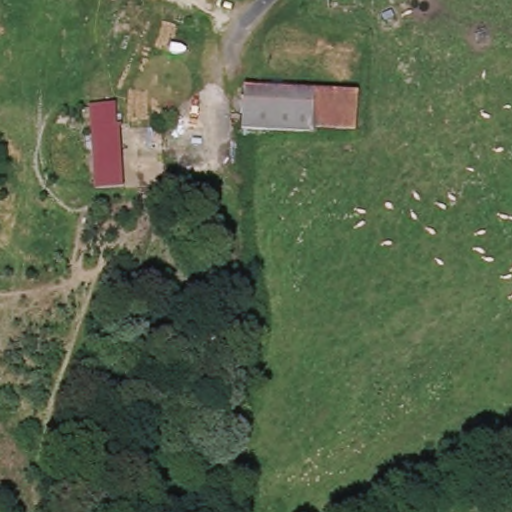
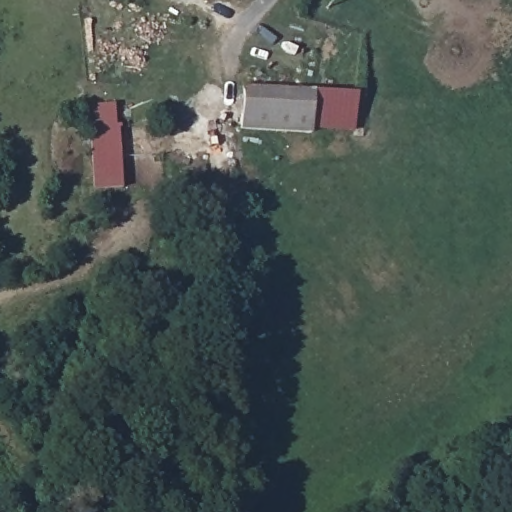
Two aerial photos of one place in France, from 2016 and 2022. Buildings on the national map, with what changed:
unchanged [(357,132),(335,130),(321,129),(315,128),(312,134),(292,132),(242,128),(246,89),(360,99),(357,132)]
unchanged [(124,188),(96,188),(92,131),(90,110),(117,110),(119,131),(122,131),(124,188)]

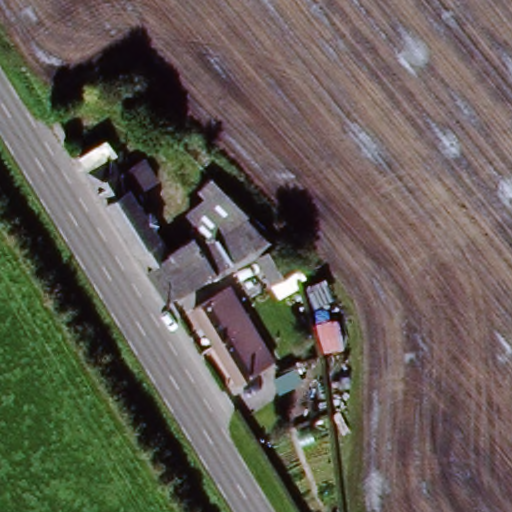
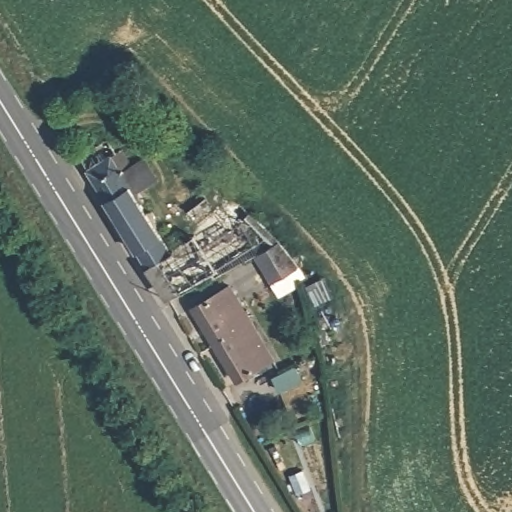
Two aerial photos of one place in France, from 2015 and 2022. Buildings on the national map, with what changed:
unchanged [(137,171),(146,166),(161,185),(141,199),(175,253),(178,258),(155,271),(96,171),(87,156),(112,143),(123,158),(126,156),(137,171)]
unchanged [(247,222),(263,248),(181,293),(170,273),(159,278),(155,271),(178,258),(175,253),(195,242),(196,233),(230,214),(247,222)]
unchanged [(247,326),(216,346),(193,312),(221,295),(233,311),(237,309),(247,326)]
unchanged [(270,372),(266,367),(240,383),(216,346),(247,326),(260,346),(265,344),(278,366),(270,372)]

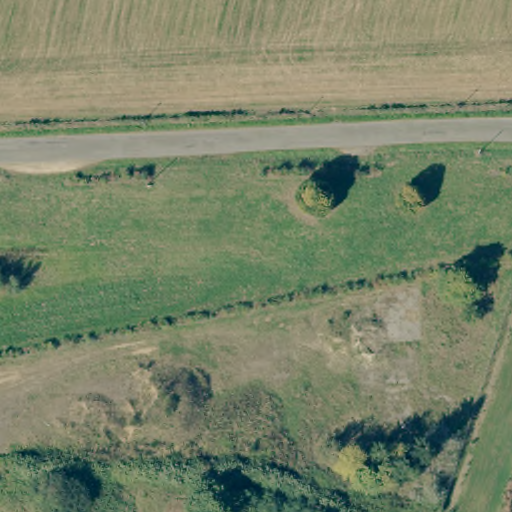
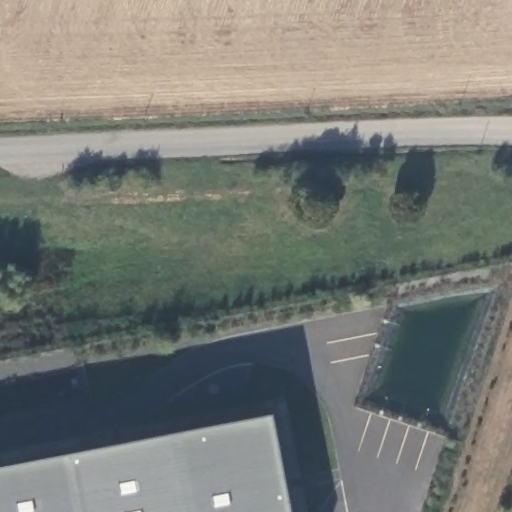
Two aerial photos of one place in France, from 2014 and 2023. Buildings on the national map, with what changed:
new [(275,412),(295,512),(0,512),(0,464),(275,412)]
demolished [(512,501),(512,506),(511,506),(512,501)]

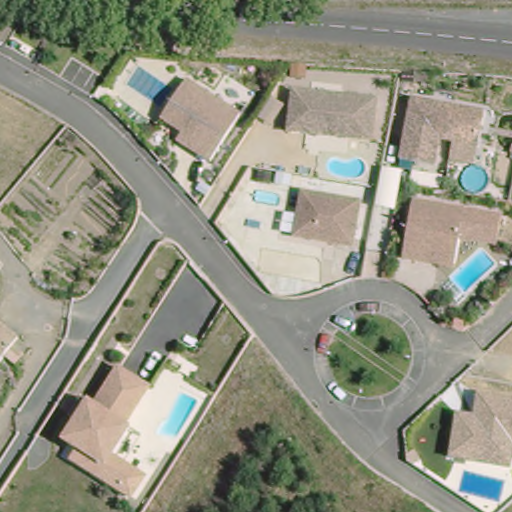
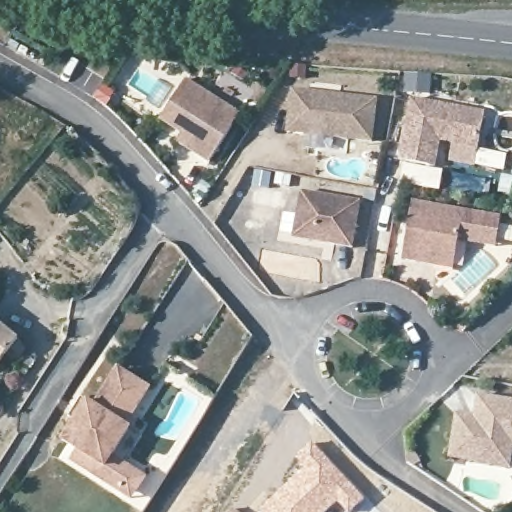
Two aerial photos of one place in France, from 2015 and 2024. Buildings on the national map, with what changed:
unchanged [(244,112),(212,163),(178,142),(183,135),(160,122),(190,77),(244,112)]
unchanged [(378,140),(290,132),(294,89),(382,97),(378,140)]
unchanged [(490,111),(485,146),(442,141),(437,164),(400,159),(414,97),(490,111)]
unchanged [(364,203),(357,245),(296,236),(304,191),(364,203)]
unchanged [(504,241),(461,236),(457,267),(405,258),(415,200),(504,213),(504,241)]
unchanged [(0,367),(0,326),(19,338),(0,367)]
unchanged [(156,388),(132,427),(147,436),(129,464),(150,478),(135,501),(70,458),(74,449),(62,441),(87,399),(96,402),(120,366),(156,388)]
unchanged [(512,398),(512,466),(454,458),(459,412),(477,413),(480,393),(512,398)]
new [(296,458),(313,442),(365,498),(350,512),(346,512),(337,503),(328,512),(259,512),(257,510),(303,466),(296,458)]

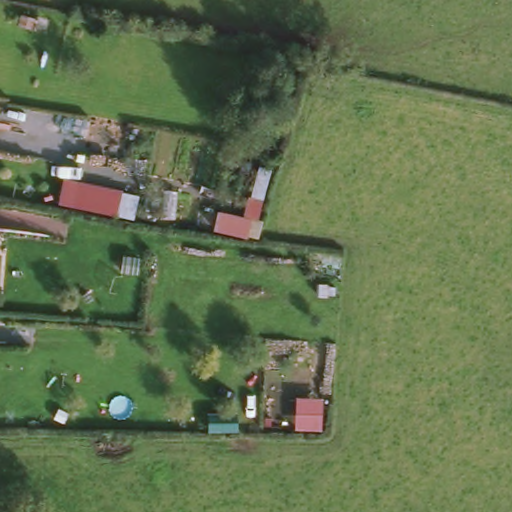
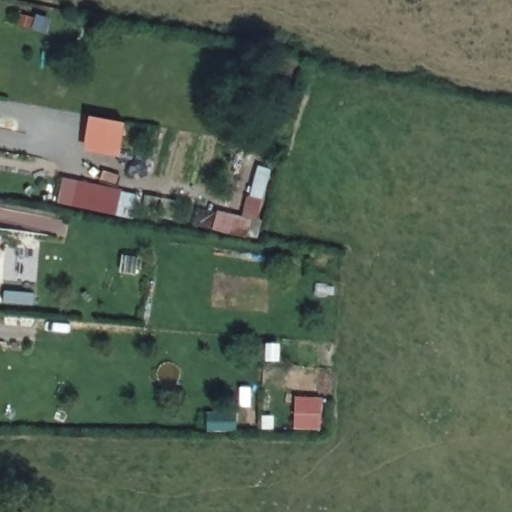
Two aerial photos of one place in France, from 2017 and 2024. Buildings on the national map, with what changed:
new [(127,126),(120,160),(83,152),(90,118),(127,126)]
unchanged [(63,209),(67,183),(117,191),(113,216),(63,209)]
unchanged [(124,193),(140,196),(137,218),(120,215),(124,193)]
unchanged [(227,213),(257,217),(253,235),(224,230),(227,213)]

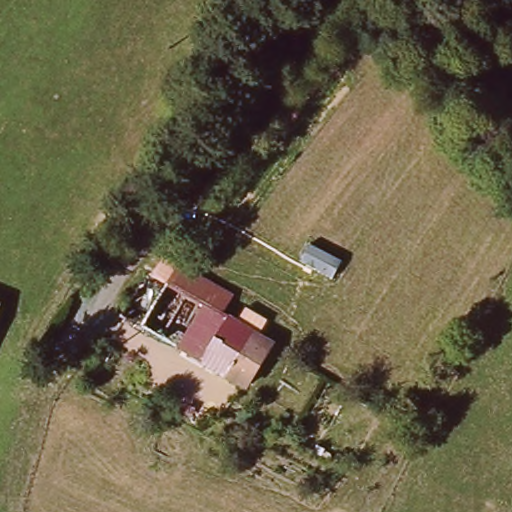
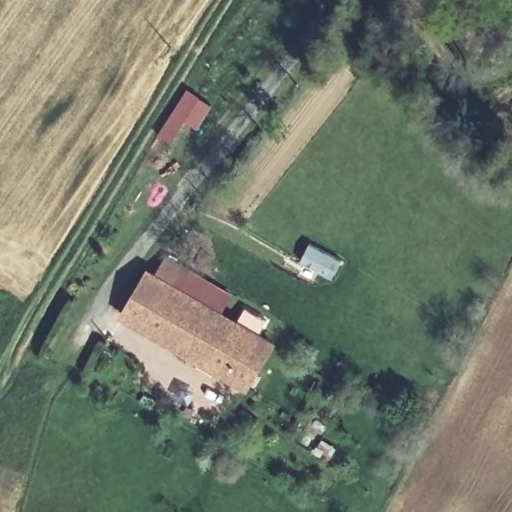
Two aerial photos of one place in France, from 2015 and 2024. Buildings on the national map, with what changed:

■ What to work on
The data above should be repeated in full and exactly, with no pictures carried over.

■ Worked solution
Two aerial photos of one place in France, from 2016 and 2022. Buildings on the national map, with what changed:
unchanged [(357,132),(335,130),(321,129),(315,128),(312,134),(292,132),(242,128),(246,89),(360,99),(357,132)]
unchanged [(124,188),(96,188),(92,131),(90,110),(117,110),(119,131),(122,131),(124,188)]

Two aerial photos of one place in France, from 2015 and 2022. Buildings on the national map, with what changed:
unchanged [(137,171),(146,166),(161,185),(141,199),(175,253),(178,258),(155,271),(96,171),(87,156),(112,143),(123,158),(126,156),(137,171)]
unchanged [(247,222),(263,248),(181,293),(170,273),(159,278),(155,271),(178,258),(175,253),(195,242),(196,233),(230,214),(247,222)]
unchanged [(247,326),(216,346),(193,312),(221,295),(233,311),(237,309),(247,326)]
unchanged [(270,372),(266,367),(240,383),(216,346),(247,326),(260,346),(265,344),(278,366),(270,372)]

Two aerial photos of one place in France, from 2014 and 2023. Buildings on the national map, with what changed:
new [(275,412),(295,512),(0,512),(0,464),(275,412)]
demolished [(512,501),(512,506),(511,506),(512,501)]

Two aerial photos of one place in France, from 2015 and 2024. Buildings on the national map, with what changed:
unchanged [(244,112),(212,163),(178,142),(183,135),(160,122),(190,77),(244,112)]
unchanged [(378,140),(290,132),(294,89),(382,97),(378,140)]
unchanged [(490,111),(485,146),(442,141),(437,164),(400,159),(414,97),(490,111)]
unchanged [(364,203),(357,245),(296,236),(304,191),(364,203)]
unchanged [(504,241),(461,236),(457,267),(405,258),(415,200),(504,213),(504,241)]
unchanged [(0,367),(0,326),(19,338),(0,367)]
unchanged [(156,388),(132,427),(147,436),(129,464),(150,478),(135,501),(70,458),(74,449),(62,441),(87,399),(96,402),(120,366),(156,388)]
unchanged [(512,398),(512,466),(454,458),(459,412),(477,413),(480,393),(512,398)]
new [(296,458),(313,442),(365,498),(350,512),(346,512),(337,503),(328,512),(259,512),(257,510),(303,466),(296,458)]

Two aerial photos of one place in France, from 2017 and 2024. Buildings on the national map, with what changed:
new [(127,126),(120,160),(83,152),(90,118),(127,126)]
unchanged [(63,209),(67,183),(117,191),(113,216),(63,209)]
unchanged [(124,193),(140,196),(137,218),(120,215),(124,193)]
unchanged [(227,213),(257,217),(253,235),(224,230),(227,213)]

Two aerial photos of one place in France, from 2015 and 2024. Buildings on the national map, with what changed:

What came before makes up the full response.